I'm used to you reading things wrong all the time :)
Well, write down what you have to do point by point to make it clear, or code...
So write down what you need to do to make it clear, or code...
No, I want you to suffer learning python and the formulas in the book. Which are simple.
I don't think anyone's gonna go for that.
It's expensive, it's confusing.
I don't think anyone's gonna go for that.
A lot of expense, no clear result.
I'm sure there are bags on the R
Is that a quip?
You can check it out for yourself, I've developed a bit of a kozul theme so you don't get bored.
So your last graph shows the result of the script in the last article? https://www.mql5.com/ru/articles/9138
You have not added a new function?
is that a joke?
So your last graph shows the result of the script in the last article? https://www.mql5.com/ru/articles/9138
You didn't add a new function?
No
Packages are good, but first you need to understand in principle what you need to do.
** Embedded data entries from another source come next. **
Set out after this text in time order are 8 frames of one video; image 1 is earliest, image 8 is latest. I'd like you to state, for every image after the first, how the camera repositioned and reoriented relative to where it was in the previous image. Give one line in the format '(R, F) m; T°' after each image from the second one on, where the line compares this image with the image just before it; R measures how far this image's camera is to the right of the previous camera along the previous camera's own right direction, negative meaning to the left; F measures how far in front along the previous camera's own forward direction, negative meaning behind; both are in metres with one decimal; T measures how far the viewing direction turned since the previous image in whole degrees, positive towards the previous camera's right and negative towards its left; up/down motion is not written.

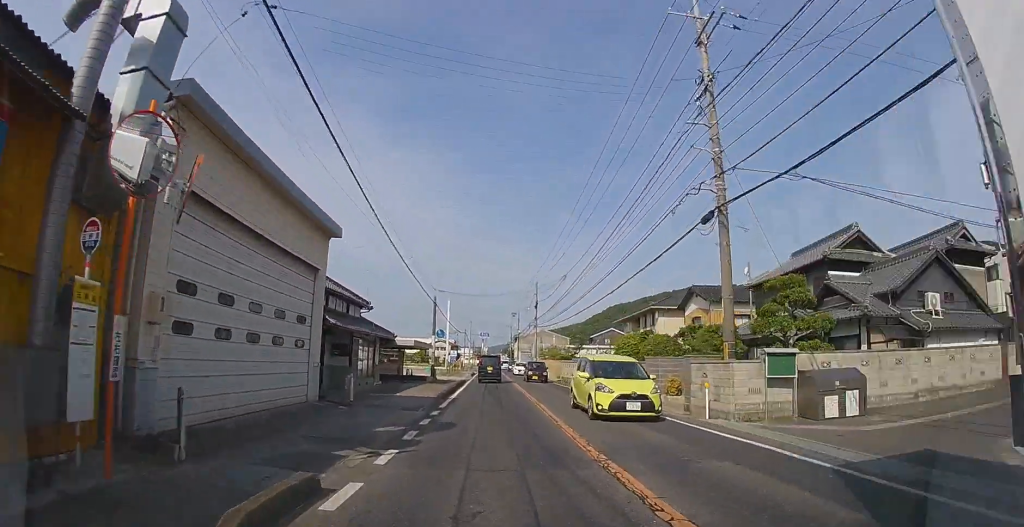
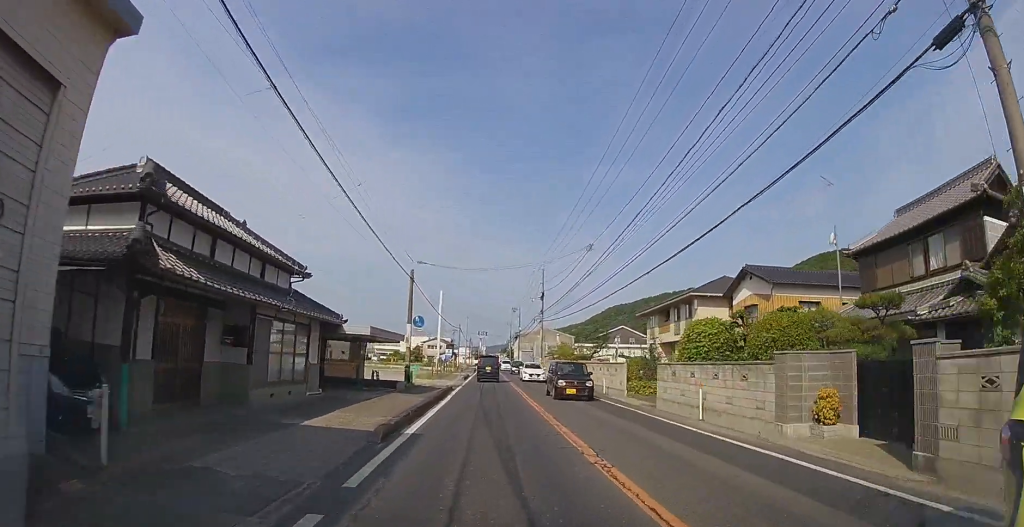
(0.0, +9.1) m; 0°
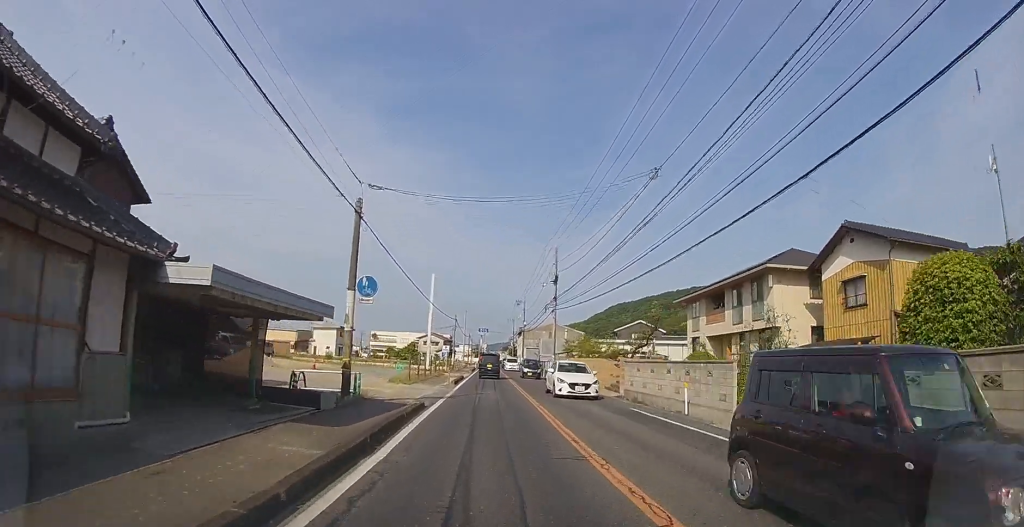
(-0.1, +10.2) m; -1°
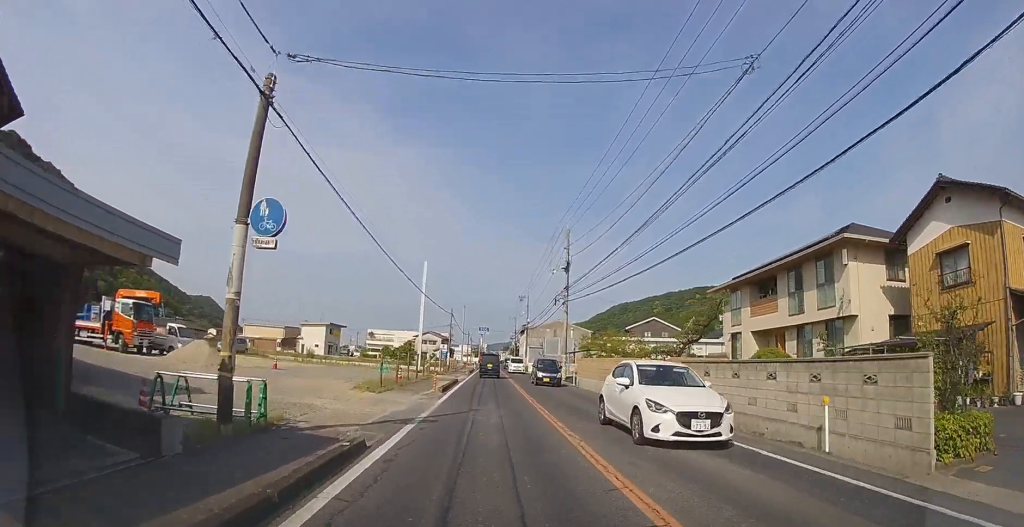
(0.0, +6.6) m; 0°
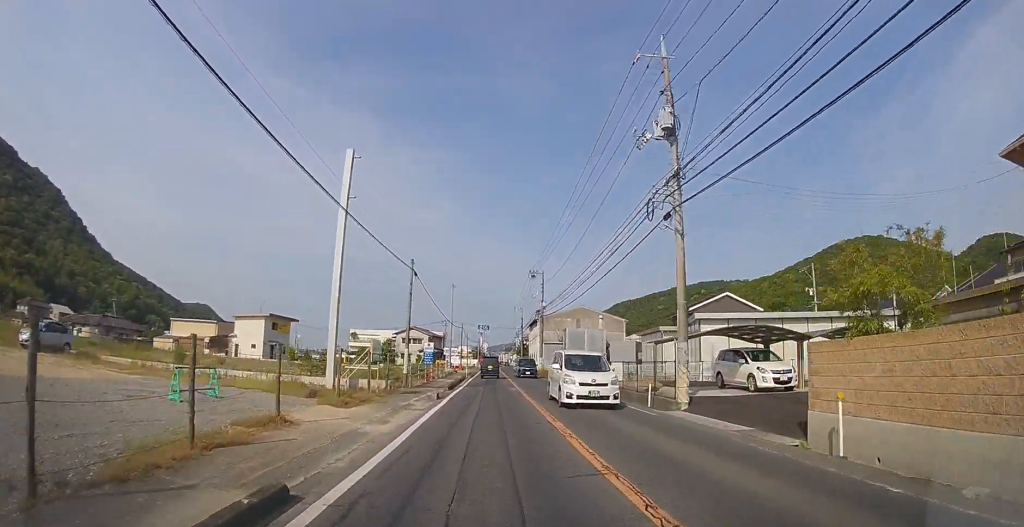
(+0.1, +24.0) m; +1°
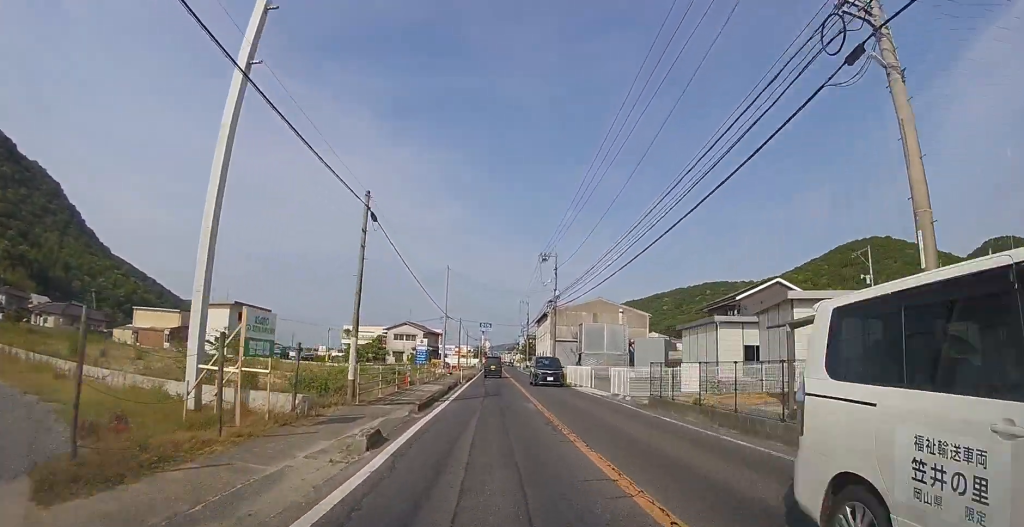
(0.0, +9.7) m; 0°
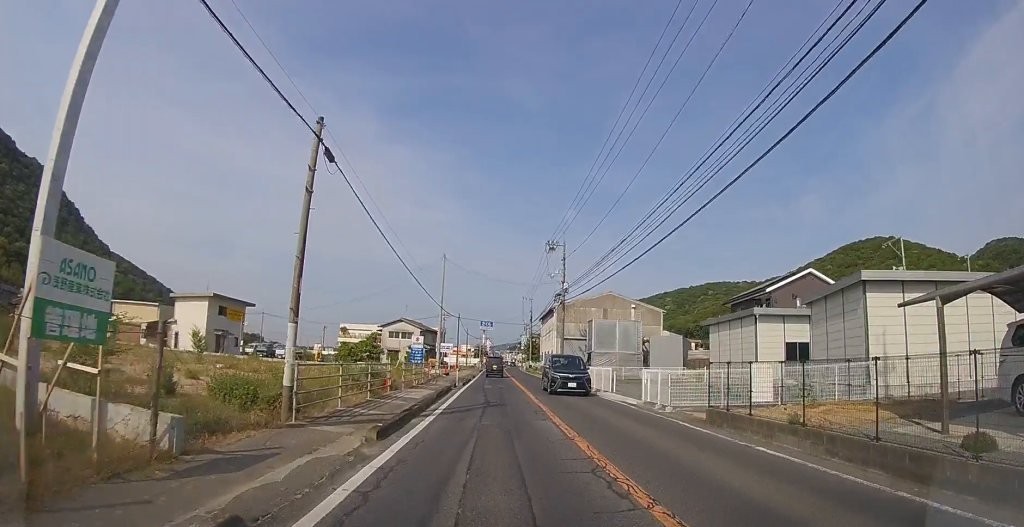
(0.0, +4.7) m; 0°
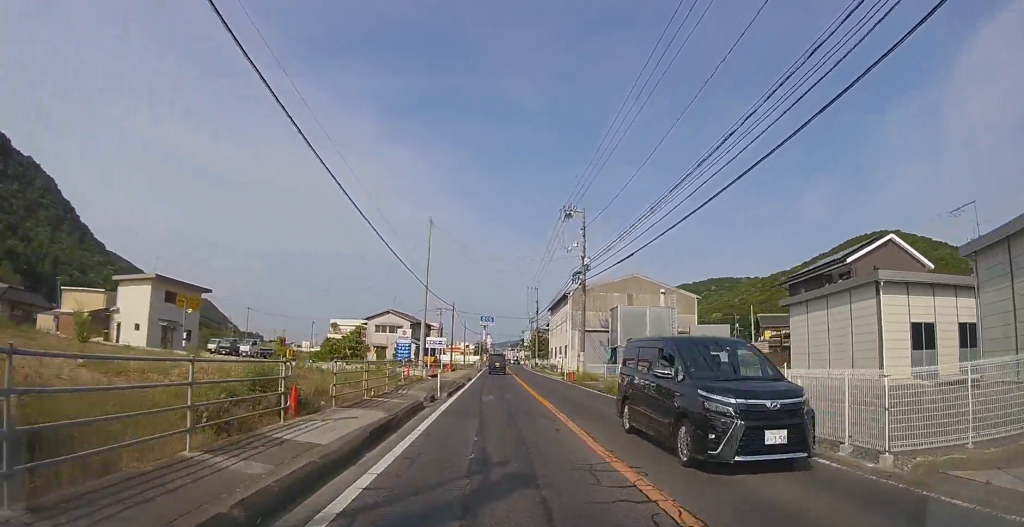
(0.0, +9.6) m; 0°

chat response about kozuli methods
There are several methods that are used for causal inference. Some of the most common methods include:
These are just a few of the many methods that are used for causal inference. Each method has its own advantages and disadvantages, and the choice of method depends on the particular situation and the data available.
tell us about point 1
Randomised controlled experiments, also known as randomised controlled trials (RCTs), are a powerful method for discovering causal relationships. In an RCT, participants are randomly divided into two or more groups. One group receives an intervention (such as a medication) and the other group receives a placebo or standard treatment. Researchers then compare the results between the groups to determine if there is a difference in outcomes.
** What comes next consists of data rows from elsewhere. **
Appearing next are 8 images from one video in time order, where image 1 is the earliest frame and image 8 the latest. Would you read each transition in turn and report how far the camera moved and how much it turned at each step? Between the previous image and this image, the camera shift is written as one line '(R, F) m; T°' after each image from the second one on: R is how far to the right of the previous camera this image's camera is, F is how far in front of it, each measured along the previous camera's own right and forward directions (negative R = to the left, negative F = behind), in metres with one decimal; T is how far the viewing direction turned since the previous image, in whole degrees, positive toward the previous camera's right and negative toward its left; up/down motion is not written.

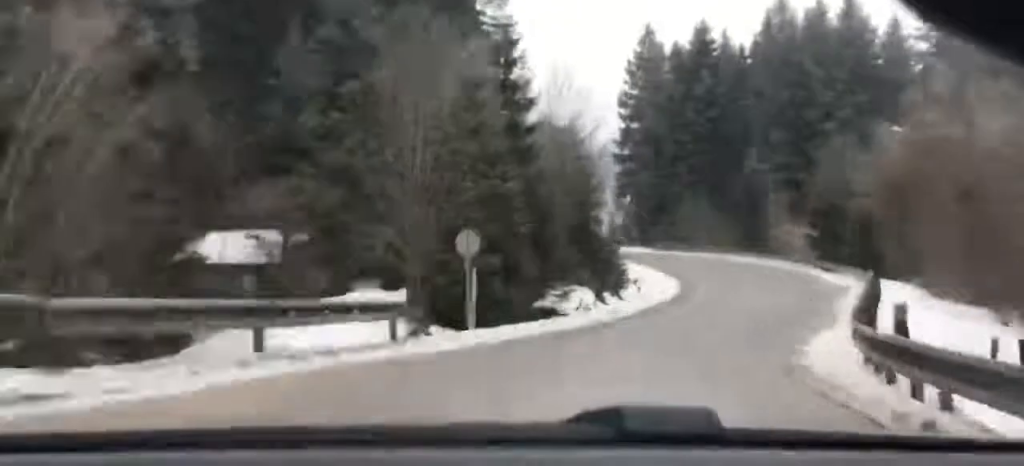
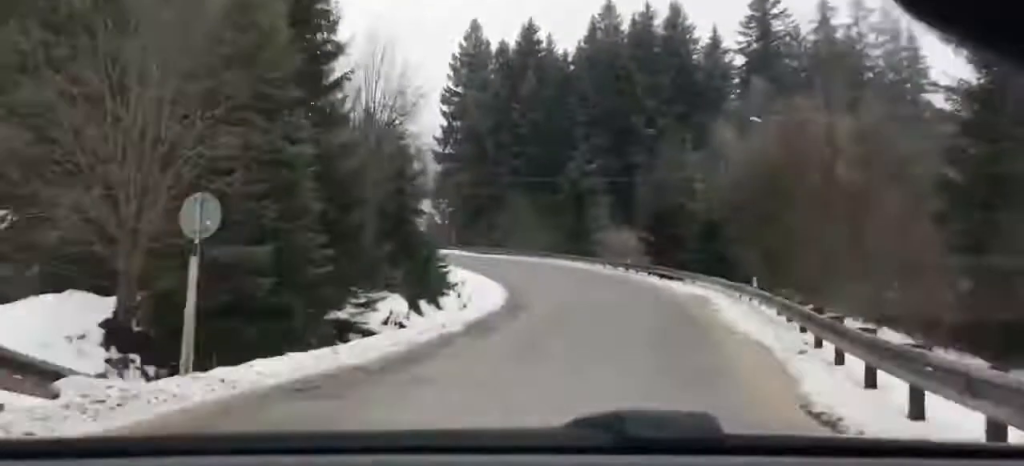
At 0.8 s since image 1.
(-0.1, +6.1) m; 0°
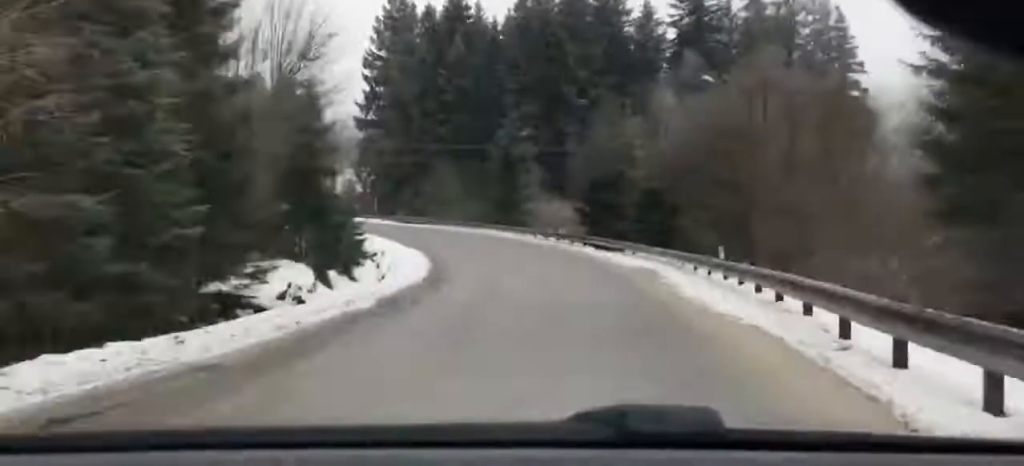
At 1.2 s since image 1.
(0.0, +3.1) m; +1°
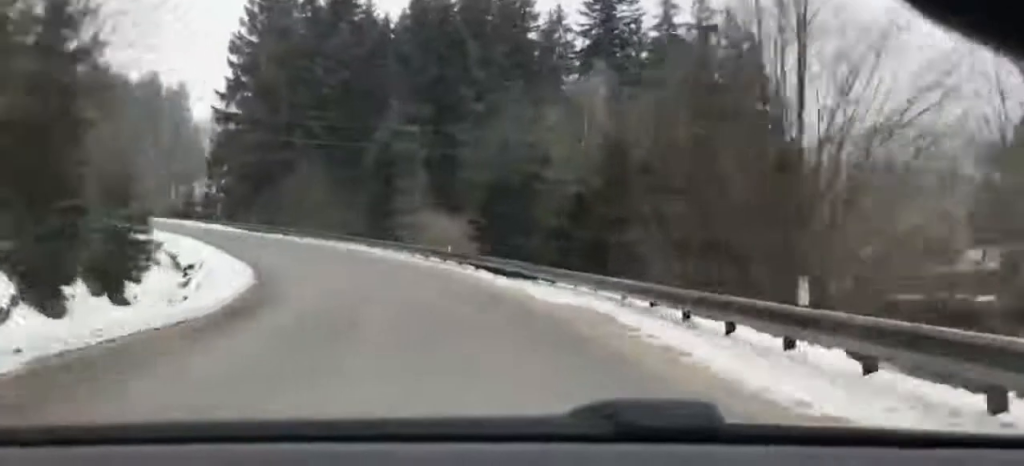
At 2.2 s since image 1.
(+0.3, +8.4) m; +9°
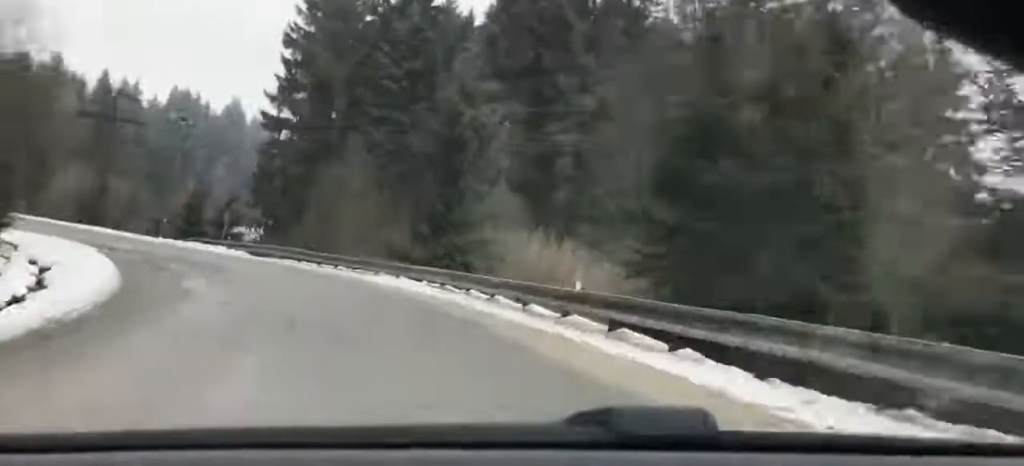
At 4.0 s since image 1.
(+4.6, +17.5) m; +29°
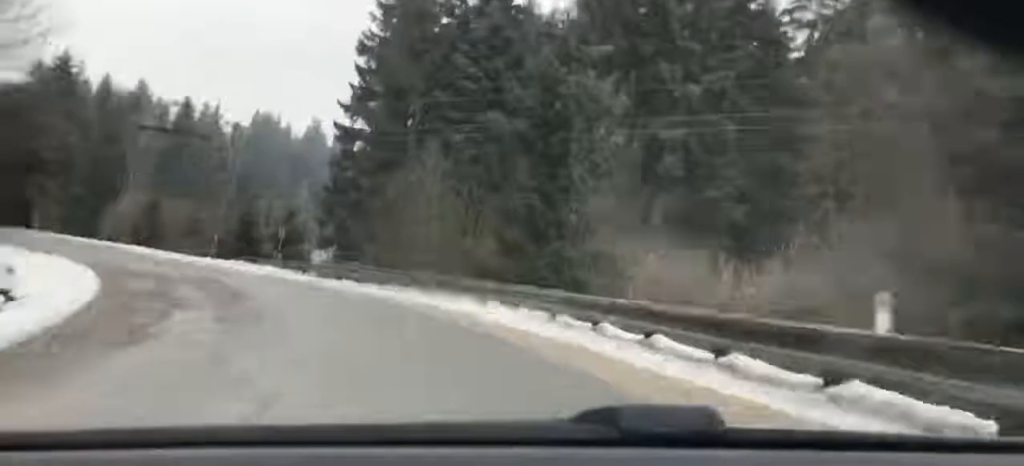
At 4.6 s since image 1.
(+0.7, +7.3) m; +4°
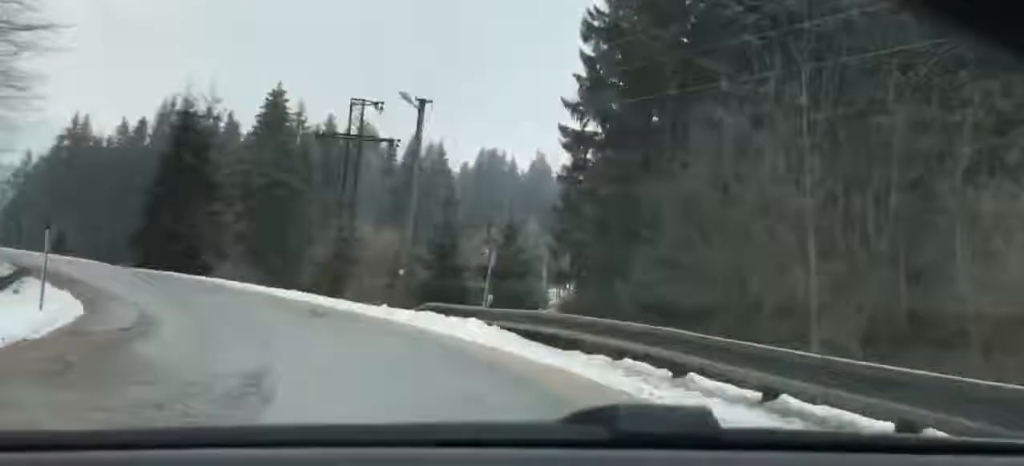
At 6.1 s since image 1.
(+0.7, +20.1) m; -1°
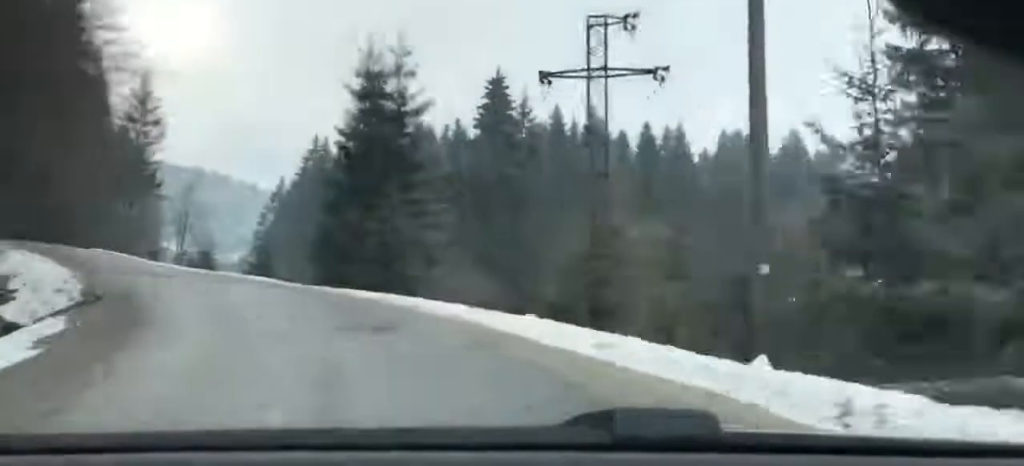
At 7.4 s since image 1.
(-1.1, +17.9) m; -9°

The main advantage of RCT is that randomly assigning participants to groups helps eliminate bias and confounding. This means that any differences in outcomes between groups can be attributed to exposure rather than other factors.
However, RCTs are not always possible or practical. For example, they may be expensive, require a large amount of time and resources, or be ethically unacceptable. In these cases, researchers may use other methods of causal inference.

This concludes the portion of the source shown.